• Problem statement:
Once you reach the line containing "#1019 = DIRECTION" in the entries below, write out that line and each one after it down to the line containing "#2682 = EDGE_CURVE", exactly and with nothing added.

• Records contained in a dataset:
_ _ _
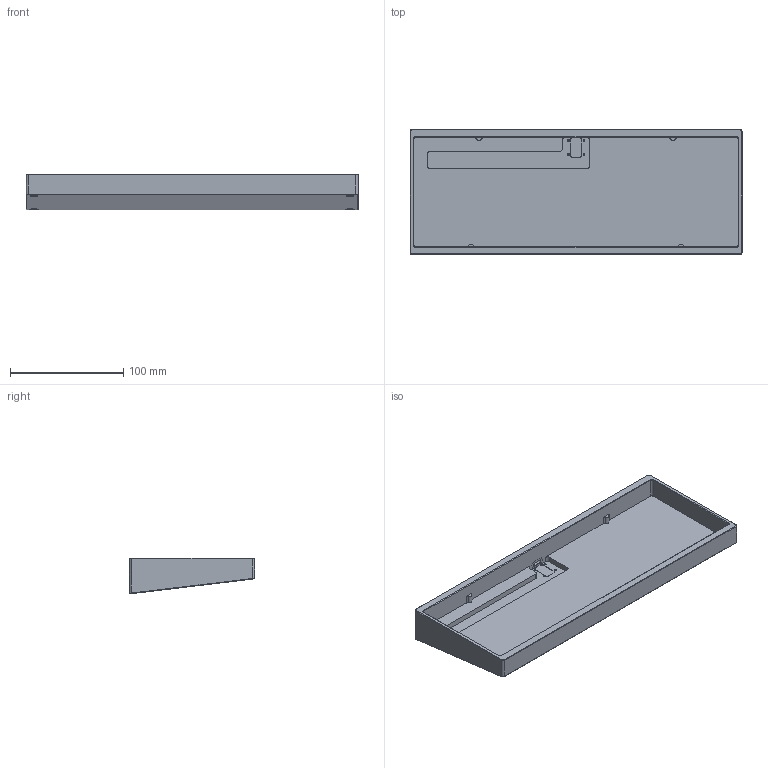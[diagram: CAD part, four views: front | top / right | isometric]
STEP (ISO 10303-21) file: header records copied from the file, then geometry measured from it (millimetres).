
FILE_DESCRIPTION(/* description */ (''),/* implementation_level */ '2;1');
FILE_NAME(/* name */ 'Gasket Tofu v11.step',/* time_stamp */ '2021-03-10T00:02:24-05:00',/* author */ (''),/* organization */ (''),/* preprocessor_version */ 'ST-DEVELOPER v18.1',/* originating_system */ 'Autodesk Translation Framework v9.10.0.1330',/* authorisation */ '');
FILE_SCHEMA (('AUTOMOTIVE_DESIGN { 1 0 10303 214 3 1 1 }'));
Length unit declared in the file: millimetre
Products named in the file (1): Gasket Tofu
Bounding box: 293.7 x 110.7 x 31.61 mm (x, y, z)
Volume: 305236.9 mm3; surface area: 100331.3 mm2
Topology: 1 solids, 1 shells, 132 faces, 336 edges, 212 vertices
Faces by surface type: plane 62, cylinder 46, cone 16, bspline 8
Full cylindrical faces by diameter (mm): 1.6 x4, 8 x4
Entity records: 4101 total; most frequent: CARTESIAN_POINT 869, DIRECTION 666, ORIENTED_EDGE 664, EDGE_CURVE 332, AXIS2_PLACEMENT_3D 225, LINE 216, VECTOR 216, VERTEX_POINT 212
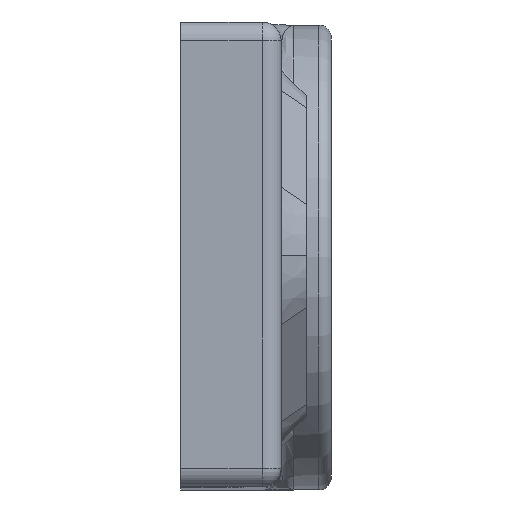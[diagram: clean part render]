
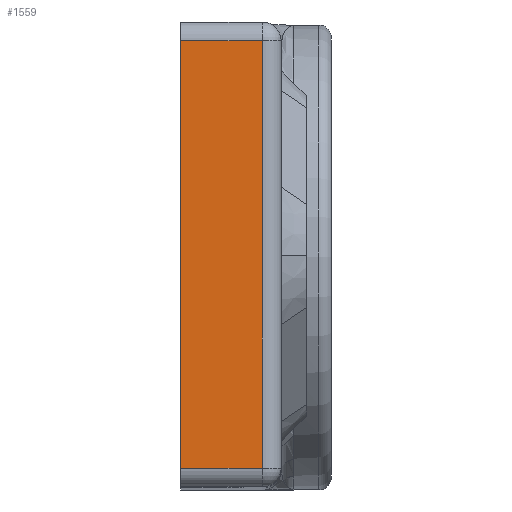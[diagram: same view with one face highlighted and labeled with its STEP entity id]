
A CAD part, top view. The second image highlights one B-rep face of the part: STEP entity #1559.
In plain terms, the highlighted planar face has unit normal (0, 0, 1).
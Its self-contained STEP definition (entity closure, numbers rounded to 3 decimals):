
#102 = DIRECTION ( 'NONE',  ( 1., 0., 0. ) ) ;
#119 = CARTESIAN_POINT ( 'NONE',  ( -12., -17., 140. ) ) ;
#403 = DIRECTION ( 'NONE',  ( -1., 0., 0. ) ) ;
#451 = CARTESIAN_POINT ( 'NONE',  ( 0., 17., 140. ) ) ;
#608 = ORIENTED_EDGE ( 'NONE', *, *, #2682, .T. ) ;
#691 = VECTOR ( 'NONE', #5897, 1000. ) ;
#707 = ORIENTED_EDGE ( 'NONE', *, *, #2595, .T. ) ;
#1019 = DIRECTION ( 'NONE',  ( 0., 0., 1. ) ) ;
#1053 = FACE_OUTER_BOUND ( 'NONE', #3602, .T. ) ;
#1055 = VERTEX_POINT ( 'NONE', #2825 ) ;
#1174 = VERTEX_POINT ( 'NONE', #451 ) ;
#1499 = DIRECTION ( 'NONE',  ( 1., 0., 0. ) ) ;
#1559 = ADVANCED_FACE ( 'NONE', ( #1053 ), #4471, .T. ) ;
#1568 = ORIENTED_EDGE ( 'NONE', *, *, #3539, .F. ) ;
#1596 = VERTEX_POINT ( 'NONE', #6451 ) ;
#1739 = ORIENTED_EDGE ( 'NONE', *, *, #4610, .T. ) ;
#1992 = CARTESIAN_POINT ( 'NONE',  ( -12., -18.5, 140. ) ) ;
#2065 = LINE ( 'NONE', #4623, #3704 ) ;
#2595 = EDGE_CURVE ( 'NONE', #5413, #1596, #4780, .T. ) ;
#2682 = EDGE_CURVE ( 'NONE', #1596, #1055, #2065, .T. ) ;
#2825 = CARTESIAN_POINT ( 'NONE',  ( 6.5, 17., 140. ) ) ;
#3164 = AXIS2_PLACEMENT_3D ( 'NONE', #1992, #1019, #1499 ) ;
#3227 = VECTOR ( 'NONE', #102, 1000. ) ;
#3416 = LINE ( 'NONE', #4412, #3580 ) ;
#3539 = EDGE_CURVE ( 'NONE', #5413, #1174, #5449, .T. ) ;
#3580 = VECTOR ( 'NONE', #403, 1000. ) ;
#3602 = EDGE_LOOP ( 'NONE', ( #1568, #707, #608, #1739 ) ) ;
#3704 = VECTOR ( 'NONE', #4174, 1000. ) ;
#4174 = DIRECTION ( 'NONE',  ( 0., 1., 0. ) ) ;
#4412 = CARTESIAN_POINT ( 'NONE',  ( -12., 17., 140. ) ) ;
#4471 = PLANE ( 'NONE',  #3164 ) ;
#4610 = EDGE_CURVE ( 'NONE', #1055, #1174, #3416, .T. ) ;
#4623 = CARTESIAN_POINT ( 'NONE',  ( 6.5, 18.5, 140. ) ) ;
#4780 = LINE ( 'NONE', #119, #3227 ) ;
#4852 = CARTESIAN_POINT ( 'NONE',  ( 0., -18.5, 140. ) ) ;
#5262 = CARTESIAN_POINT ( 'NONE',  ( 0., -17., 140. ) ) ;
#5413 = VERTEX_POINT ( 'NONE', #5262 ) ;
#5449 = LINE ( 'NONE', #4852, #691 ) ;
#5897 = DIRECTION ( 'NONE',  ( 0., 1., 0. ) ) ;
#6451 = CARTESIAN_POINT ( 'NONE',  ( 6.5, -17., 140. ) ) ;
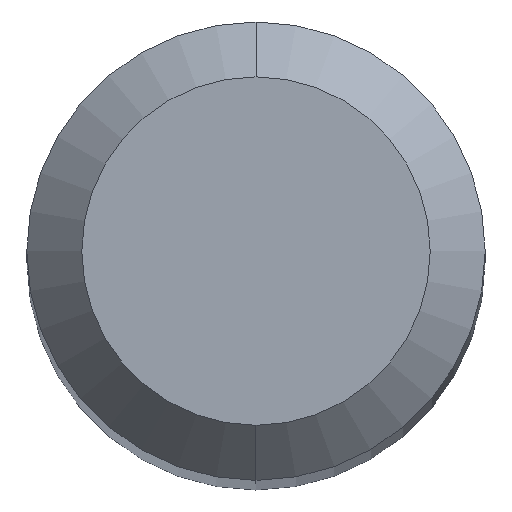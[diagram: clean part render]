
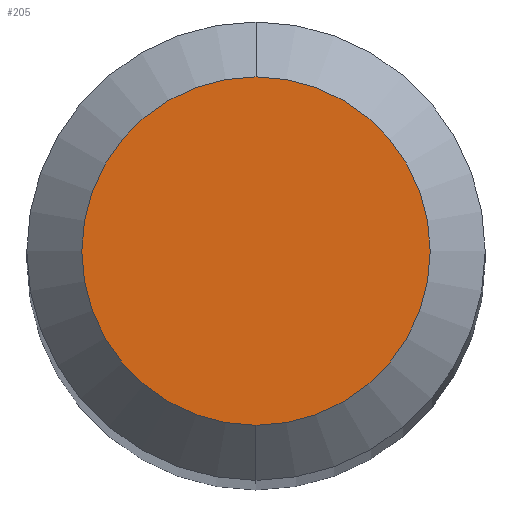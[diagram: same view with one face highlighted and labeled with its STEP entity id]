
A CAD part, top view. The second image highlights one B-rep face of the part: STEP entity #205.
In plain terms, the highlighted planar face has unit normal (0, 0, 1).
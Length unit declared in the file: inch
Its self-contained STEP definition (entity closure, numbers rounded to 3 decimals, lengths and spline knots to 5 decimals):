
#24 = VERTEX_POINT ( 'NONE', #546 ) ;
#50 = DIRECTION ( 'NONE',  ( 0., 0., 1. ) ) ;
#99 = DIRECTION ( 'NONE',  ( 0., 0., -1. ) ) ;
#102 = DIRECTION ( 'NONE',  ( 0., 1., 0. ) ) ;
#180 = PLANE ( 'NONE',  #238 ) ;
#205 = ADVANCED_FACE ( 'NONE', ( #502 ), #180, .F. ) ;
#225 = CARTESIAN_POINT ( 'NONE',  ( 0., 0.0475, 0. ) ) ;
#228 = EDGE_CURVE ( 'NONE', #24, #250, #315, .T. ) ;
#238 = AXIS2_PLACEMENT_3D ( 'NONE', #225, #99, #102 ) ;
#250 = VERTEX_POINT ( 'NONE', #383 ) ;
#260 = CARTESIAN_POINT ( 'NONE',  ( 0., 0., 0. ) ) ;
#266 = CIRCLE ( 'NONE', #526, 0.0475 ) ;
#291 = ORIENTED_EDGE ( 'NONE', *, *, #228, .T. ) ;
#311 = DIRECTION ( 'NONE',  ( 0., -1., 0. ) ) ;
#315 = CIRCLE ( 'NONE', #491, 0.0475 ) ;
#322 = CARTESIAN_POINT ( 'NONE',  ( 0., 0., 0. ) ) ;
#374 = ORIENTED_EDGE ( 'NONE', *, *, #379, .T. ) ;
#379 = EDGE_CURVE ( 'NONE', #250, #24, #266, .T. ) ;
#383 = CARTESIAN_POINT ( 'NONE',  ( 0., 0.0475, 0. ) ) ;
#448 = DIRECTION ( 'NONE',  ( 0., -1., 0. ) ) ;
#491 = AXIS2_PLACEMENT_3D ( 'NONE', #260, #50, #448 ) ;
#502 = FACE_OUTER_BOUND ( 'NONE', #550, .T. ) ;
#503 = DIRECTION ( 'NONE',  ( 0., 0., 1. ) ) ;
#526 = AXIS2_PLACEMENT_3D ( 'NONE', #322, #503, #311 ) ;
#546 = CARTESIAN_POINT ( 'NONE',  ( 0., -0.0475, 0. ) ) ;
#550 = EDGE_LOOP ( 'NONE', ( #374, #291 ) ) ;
_ _ _
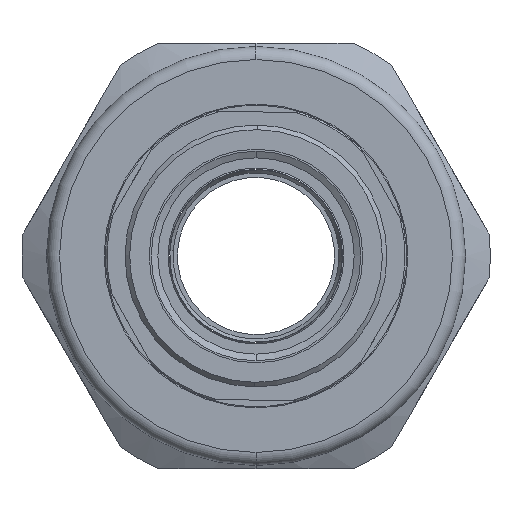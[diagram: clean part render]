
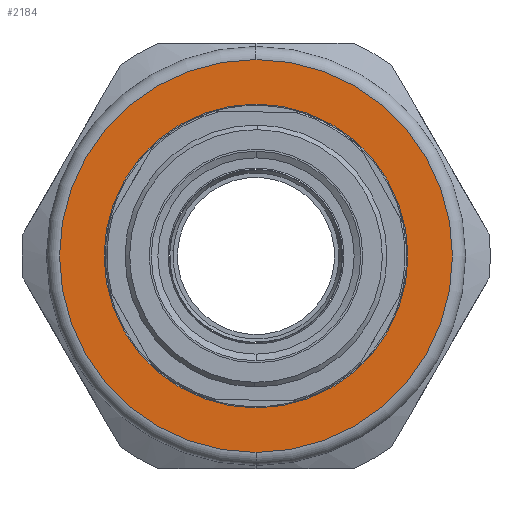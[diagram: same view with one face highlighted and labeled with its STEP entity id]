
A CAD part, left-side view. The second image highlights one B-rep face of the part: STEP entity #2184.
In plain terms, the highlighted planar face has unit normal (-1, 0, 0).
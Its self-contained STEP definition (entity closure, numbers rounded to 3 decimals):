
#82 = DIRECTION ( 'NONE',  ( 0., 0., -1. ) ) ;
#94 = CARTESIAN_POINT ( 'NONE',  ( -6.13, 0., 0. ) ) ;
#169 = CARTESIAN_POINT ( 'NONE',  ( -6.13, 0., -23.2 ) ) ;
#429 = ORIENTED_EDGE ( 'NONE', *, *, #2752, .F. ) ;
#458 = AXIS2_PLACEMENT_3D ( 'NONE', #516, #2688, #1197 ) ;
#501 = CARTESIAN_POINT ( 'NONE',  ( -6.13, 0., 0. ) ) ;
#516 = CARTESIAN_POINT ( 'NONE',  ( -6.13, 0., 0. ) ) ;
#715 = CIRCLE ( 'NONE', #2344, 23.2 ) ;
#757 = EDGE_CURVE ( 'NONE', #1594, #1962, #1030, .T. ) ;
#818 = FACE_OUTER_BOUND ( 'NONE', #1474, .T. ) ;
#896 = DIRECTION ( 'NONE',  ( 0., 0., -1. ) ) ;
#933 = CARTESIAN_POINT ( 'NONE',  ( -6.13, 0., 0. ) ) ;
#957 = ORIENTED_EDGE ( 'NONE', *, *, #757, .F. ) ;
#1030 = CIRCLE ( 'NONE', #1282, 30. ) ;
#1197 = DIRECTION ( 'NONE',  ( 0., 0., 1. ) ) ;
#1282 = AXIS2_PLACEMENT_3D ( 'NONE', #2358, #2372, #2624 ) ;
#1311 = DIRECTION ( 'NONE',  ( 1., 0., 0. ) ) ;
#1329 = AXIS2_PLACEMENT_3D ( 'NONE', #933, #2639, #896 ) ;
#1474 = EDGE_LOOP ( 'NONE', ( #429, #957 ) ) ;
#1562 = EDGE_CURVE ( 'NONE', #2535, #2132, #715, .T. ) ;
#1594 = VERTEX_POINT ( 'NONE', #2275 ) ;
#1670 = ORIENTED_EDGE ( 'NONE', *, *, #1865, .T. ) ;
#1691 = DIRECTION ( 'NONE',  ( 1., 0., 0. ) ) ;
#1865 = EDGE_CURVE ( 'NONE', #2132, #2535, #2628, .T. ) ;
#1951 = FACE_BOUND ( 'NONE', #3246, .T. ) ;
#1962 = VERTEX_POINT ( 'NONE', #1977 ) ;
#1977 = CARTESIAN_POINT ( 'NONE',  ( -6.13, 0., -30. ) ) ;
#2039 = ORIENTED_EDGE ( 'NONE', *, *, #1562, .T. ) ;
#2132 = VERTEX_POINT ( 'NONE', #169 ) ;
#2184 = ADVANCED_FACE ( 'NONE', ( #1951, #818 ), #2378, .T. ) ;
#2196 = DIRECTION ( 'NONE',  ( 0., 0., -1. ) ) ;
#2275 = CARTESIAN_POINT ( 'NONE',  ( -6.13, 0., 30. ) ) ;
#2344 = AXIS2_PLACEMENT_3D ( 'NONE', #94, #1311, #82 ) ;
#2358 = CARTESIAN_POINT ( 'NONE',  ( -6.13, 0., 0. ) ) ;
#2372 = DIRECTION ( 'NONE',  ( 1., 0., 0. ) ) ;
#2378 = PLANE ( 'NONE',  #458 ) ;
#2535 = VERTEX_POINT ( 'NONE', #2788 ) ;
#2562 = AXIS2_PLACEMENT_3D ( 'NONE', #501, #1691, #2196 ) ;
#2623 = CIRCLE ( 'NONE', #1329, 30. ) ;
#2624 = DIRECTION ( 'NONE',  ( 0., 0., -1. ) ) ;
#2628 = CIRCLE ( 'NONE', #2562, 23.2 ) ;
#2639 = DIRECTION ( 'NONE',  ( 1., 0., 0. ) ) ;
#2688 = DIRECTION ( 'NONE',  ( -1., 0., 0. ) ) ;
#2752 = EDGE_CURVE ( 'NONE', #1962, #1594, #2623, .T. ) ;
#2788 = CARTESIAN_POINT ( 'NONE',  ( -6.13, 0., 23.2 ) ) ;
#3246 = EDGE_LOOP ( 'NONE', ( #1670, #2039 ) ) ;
_ _ _
• Result of this task:
#1019 = DIRECTION ( 'NONE',  ( 0., 0., 1. ) ) ;
#1053 = FACE_OUTER_BOUND ( 'NONE', #3602, .T. ) ;
#1055 = VERTEX_POINT ( 'NONE', #2825 ) ;
#1174 = VERTEX_POINT ( 'NONE', #451 ) ;
#1499 = DIRECTION ( 'NONE',  ( 1., 0., 0. ) ) ;
#1559 = ADVANCED_FACE ( 'NONE', ( #1053 ), #4471, .T. ) ;
#1568 = ORIENTED_EDGE ( 'NONE', *, *, #3539, .F. ) ;
#1596 = VERTEX_POINT ( 'NONE', #6451 ) ;
#1739 = ORIENTED_EDGE ( 'NONE', *, *, #4610, .T. ) ;
#1992 = CARTESIAN_POINT ( 'NONE',  ( -12., -18.5, 140. ) ) ;
#2065 = LINE ( 'NONE', #4623, #3704 ) ;
#2595 = EDGE_CURVE ( 'NONE', #5413, #1596, #4780, .T. ) ;
#2682 = EDGE_CURVE ( 'NONE', #1596, #1055, #2065, .T. ) ;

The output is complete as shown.